What should people in this situation do for now? Not just women but men ought to take time off from work or work from home if they can. Companies should make it easier for their employees to take time off if their spouses engage in medical and social infrastructure jobs. There must be lots of non-urgent work that would have little impact on society if it was suspended for a week.

Women in Japan may not hold many decision-making positions, but the nation’s social infrastructure will no longer be sustained without them. Women uphold the foundations of medical, nursing care and child care services. If the decision-makers think that the absence of women alone from work will have no negative impact, then their decisions are heavily gender-biased.

That leads to the question of whether society can be sustained if women stop going to work. A past experience in a northern European country shows how working women play crucial roles in underpinning society. In October 1975, women in Iceland — today ranked No. 1 in terms of gender equality — went on a general strike in protest against gender disparity in the country, with 90 percent of working women boycotting their jobs. What happened then? Schools, day-care centers for children, banks, factories and shops had to be closed, forcing the fathers to have to take their children to their companies.

What’s scary about decisions made in a highly homogeneous environment lacking in diversity is that the decision-makers tend to overlook important points that cause problems for the socially weak. Not just the mass media but Japan’s society as a whole lacks enough women among decision makers. How many women were involved in the latest decision to close all schools nationwide? Were men with small children whose wives also have jobs involved at all in the decision?

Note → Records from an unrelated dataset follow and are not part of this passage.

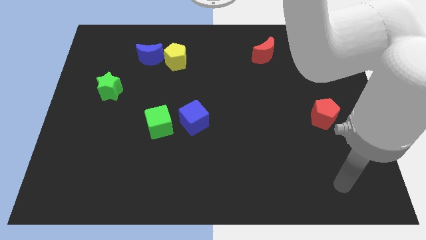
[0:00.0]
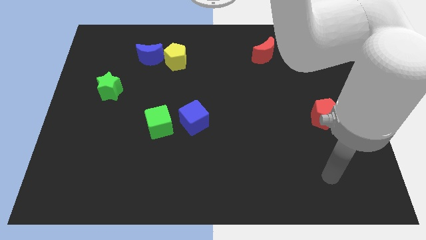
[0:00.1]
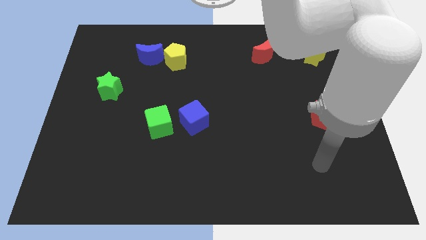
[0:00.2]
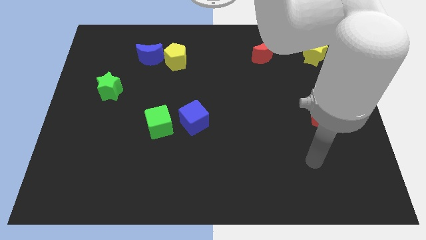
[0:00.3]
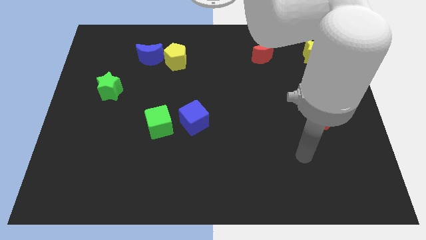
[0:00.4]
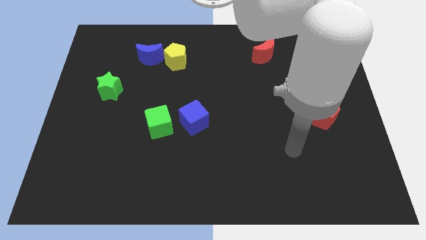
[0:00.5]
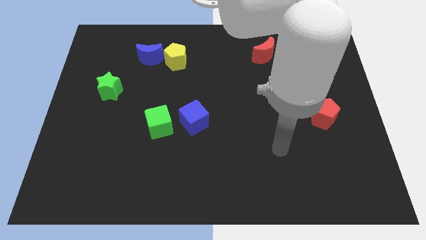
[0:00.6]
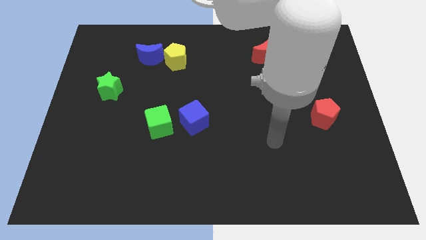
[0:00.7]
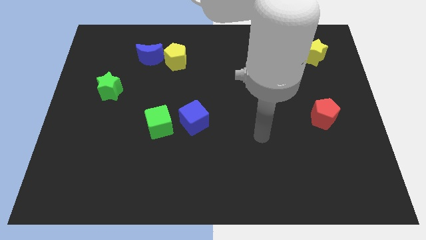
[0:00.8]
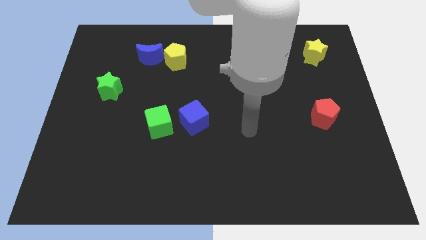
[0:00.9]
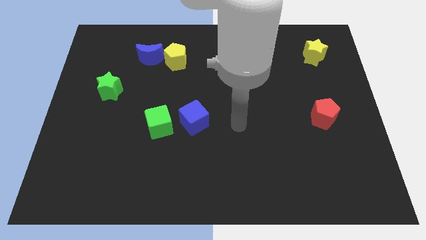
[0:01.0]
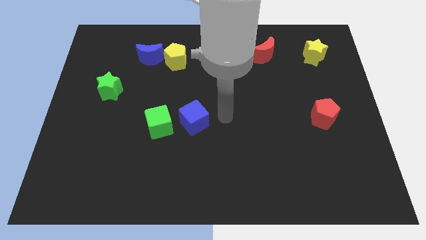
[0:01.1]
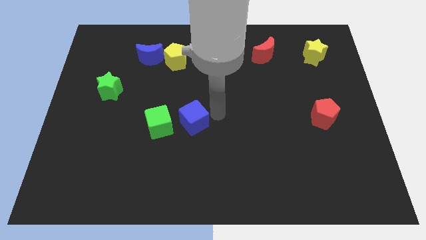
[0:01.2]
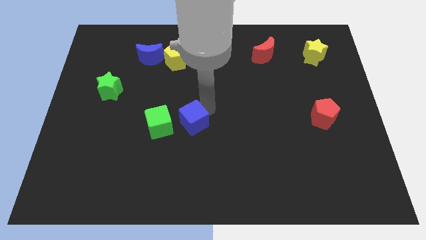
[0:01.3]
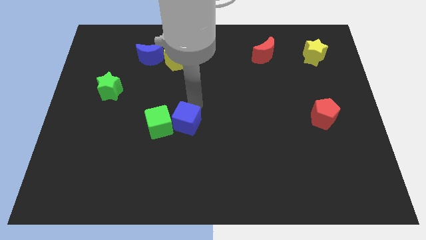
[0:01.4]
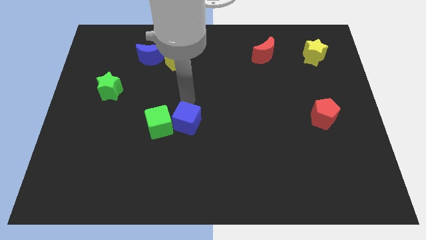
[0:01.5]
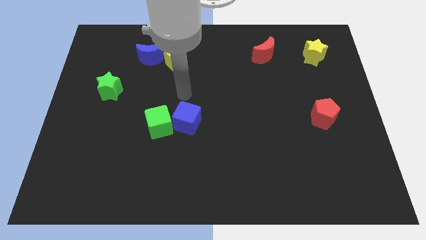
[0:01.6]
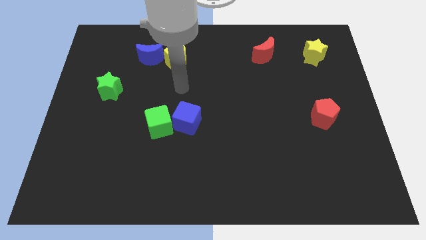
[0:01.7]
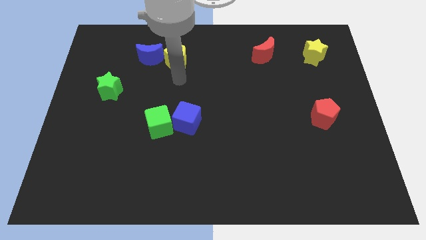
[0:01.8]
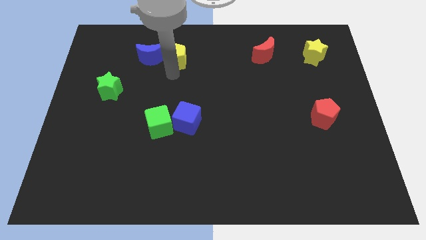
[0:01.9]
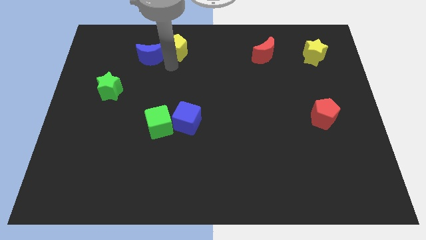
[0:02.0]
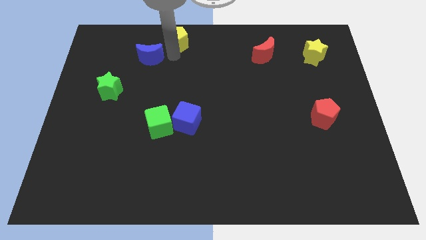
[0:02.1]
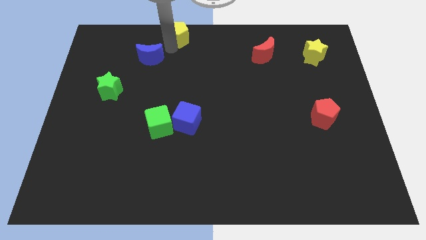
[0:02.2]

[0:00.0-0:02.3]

Only after the decision was made, a group of female lawmakers in the Liberal Democratic Party called on the government to take steps to deal with the problems that the decision would cause for the socially weak, such as a loss of income for people with irregular jobs or single parents, and to make sure that both parents would equally share taking care of the children at home.

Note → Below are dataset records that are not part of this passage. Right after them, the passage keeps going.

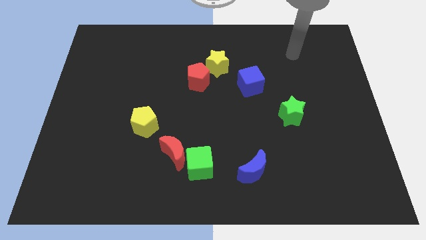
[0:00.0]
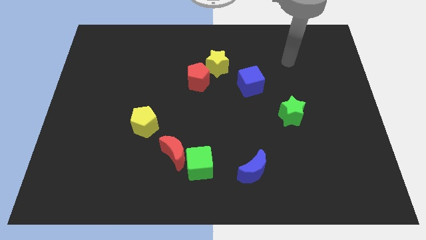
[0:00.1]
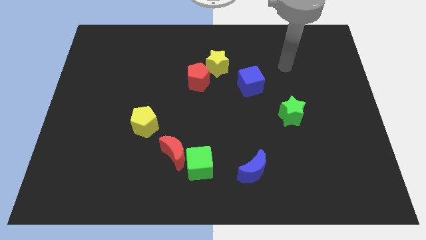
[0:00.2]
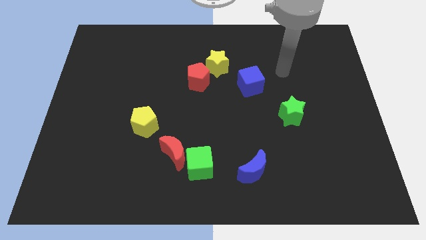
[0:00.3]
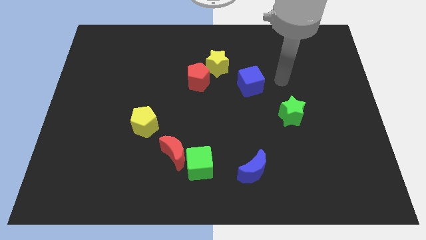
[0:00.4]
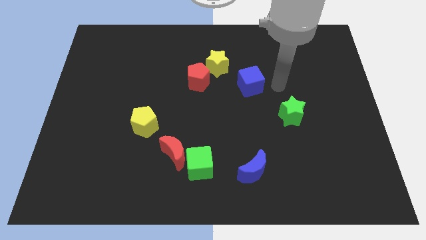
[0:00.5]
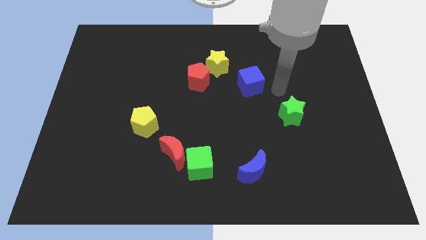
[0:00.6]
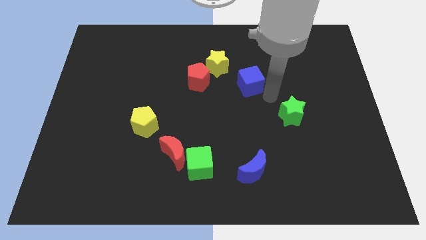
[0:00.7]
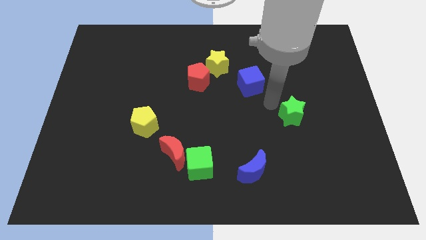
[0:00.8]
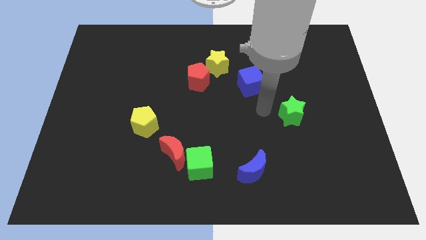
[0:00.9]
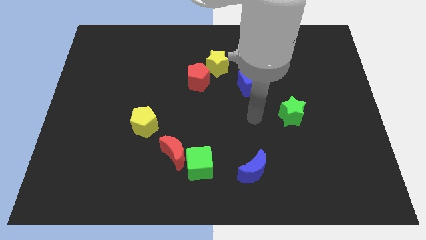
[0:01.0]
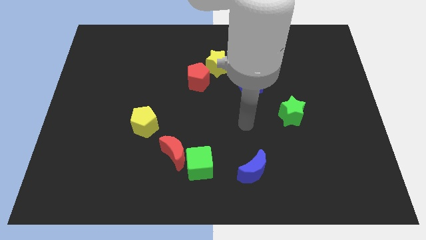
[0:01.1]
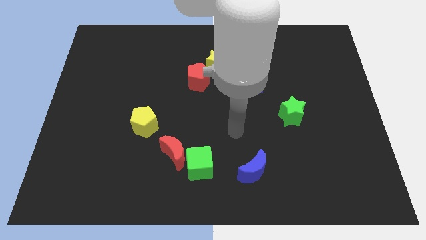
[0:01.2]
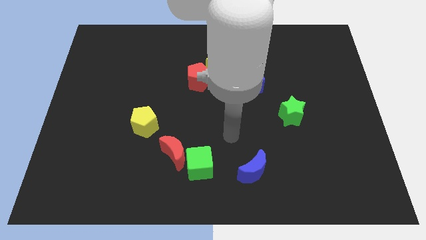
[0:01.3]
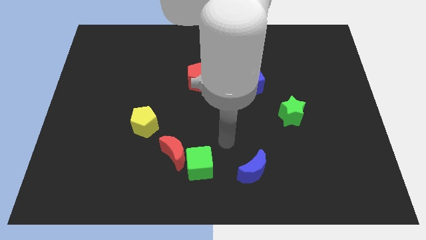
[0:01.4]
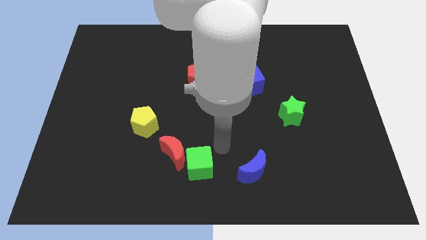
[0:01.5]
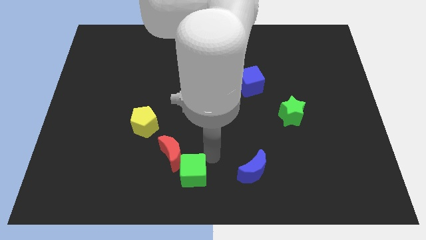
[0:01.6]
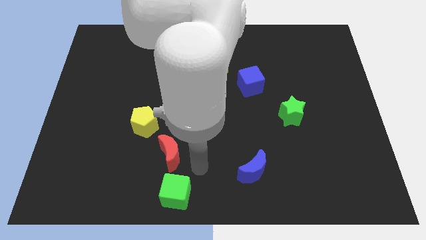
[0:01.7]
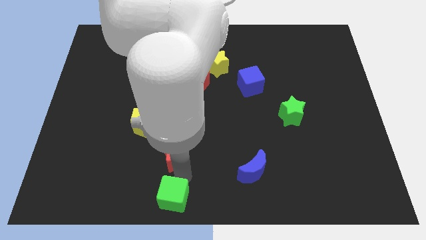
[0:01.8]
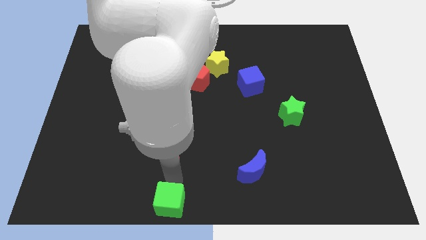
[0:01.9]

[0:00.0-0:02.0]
move the red moon away from the green cube

Decisions made in a highly homogeneous environment are highly likely to miss very important points which, in a crisis like the COVID-19 outbreak, can lead to serious problems such as a breakdown in medical services. And it tends to be the weak members of society who pay the price for the problems.

What was good about decisions made by Taiwan in dealing with the new coronavirus outbreak is that sufficient attention was paid to the socially weak. When the Taiwanese government decided to close its schools, it also made clear that parents who will face difficulty if their children’s schools are closed and those who have children with disabilities can ask for leave from work — and that employers that refuse to give paid holidays to such parents would be punished.

While Taiwan’s schools have since been reopened, the consideration given to the weak members of society appears to have left the people feeling secure. It is no coincidence that Taiwan is led by a female president, Tsai Ing-wen, whose government has fairly diverse members including 38-year-old Digital Minister Audrey Tang.

The lack of attention Japan has given to diversity or gender equality was exposed in its response to the COVID-19 emergency. In making crucial decisions, the government needs to check whether the policies are gender-biased or are being made in a setting lacking in diversity. Leaders who make important decisions are urged to keep that in mind.

Toko Shirakawa is a journalist and an author of books on women’s issues, including lifestyles, careers and gender equality. A visiting professor at Sagami Women’s University, she is also a member of the Cabinet Office panel on work-style reforms.